# Help with tempo-guessing algorithm

I’m in a situation where I’m going to be measuring the length of some loops on the fly and deriving a ‘plausible’ tempo.

The simple algorithm I have in my head is that if the bpm works out at less than 80, double it: if greater than 160, half it. And, that would ideally be recursive, so if it is less than 40, multiply it by four, if greater than 320 divide by four, and so on.

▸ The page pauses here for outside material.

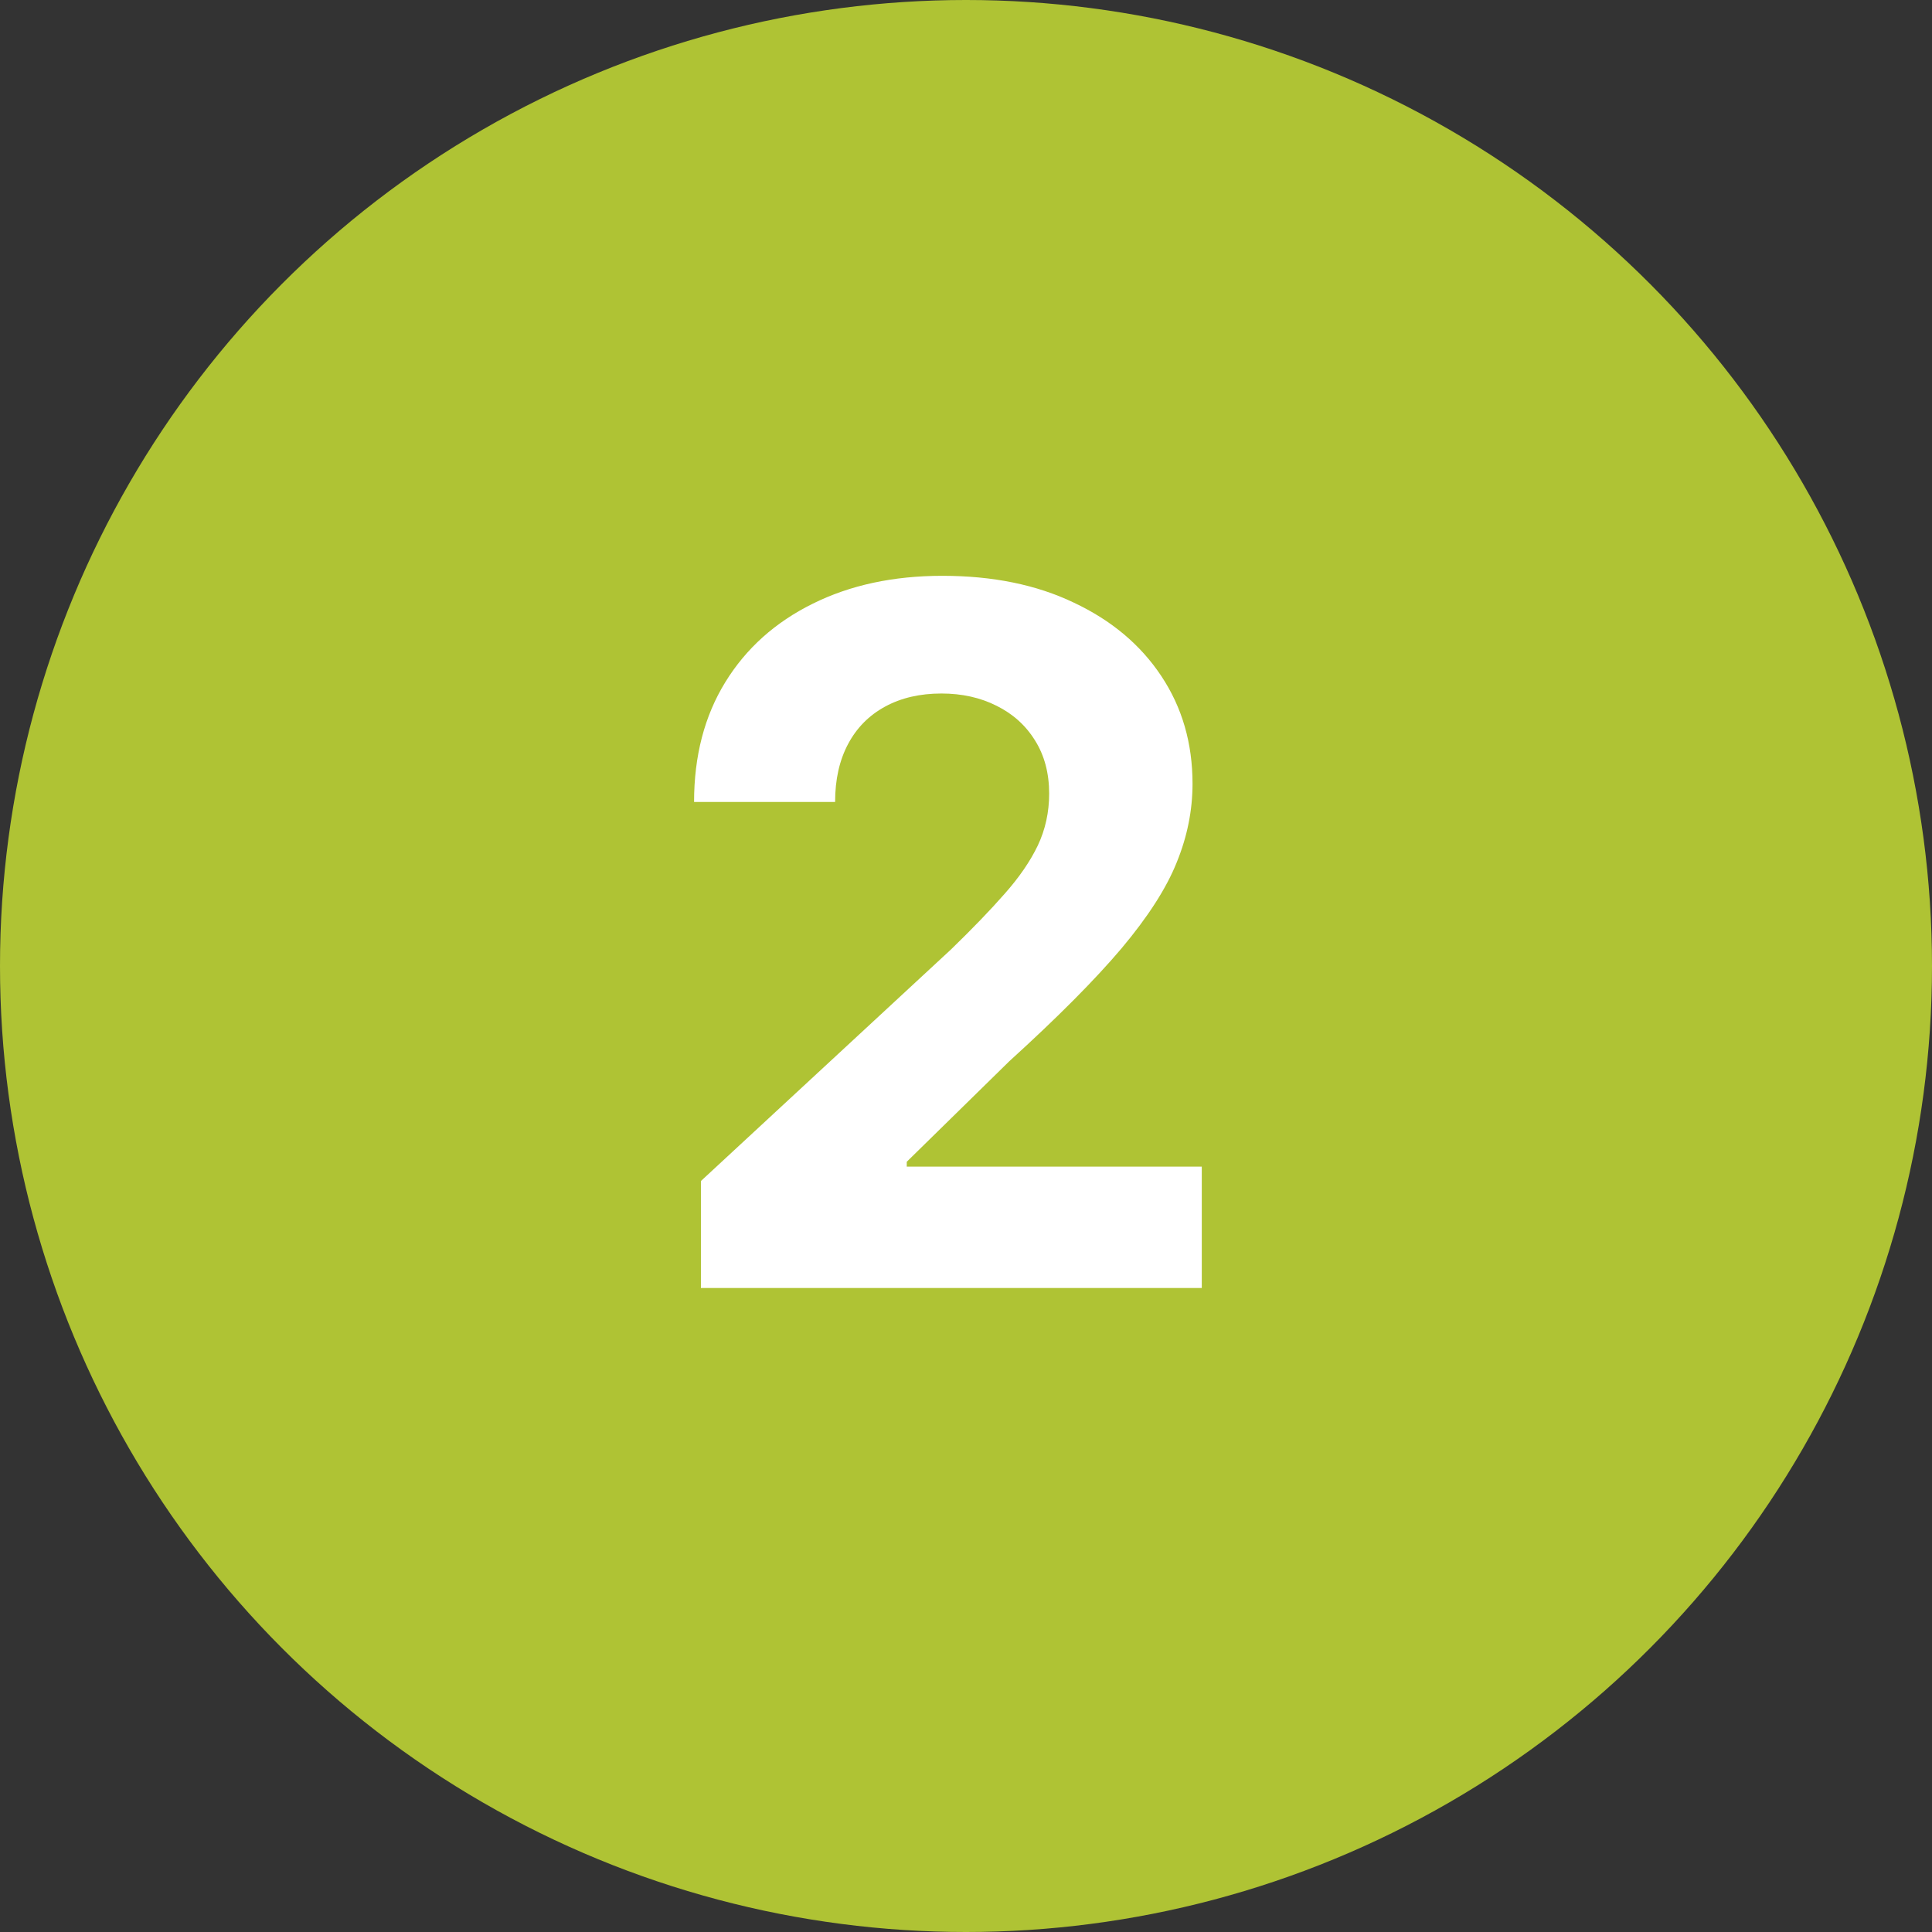 <svg width="24" height="24" viewBox="0 0 24 24" fill="none" xmlns="http://www.w3.org/2000/svg">
<rect x="0" y="0" width="24" height="24" fill="#333333" stroke="none"/>
<circle cx="12" cy="12" r="12" fill="#AFC334"/>
<path d="M8.707 16V14.671L11.814 11.794C12.078 11.538 12.3 11.308 12.479 11.104C12.661 10.899 12.798 10.699 12.892 10.503C12.986 10.304 13.033 10.089 13.033 9.859C13.033 9.604 12.974 9.384 12.858 9.199C12.742 9.011 12.582 8.868 12.381 8.768C12.179 8.666 11.95 8.615 11.695 8.615C11.428 8.615 11.195 8.669 10.996 8.777C10.797 8.885 10.643 9.04 10.536 9.241C10.428 9.443 10.374 9.683 10.374 9.962H8.622C8.622 9.391 8.751 8.895 9.01 8.474C9.268 8.054 9.631 7.729 10.097 7.499C10.562 7.268 11.099 7.153 11.707 7.153C12.332 7.153 12.876 7.264 13.339 7.486C13.805 7.705 14.168 8.009 14.426 8.398C14.685 8.787 14.814 9.233 14.814 9.736C14.814 10.065 14.749 10.391 14.618 10.712C14.49 11.033 14.261 11.389 13.932 11.781C13.602 12.171 13.138 12.638 12.538 13.183L11.264 14.432V14.492H14.929V16H8.707Z" fill="white"/>
</svg>

I have the function below that works, but seems clunky and very un-functional with all those case statements. Also, I’m not properly dealing with values > 1280 or < 10.

``````(
~h = {|x| case
{x < 20} {x*8}
{x < 40} {x*4}
{x < 80} {x*2}
{x > 640} {x/8}
{x > 320} {x/4}
{x > 160} {x/2}
{x}
});

~h.(79) // too slow, double it
// etc

``````

I’d love to see a more elegant solution? It feels to me like there is something modulo-ish going on here, but I can’t figure it out!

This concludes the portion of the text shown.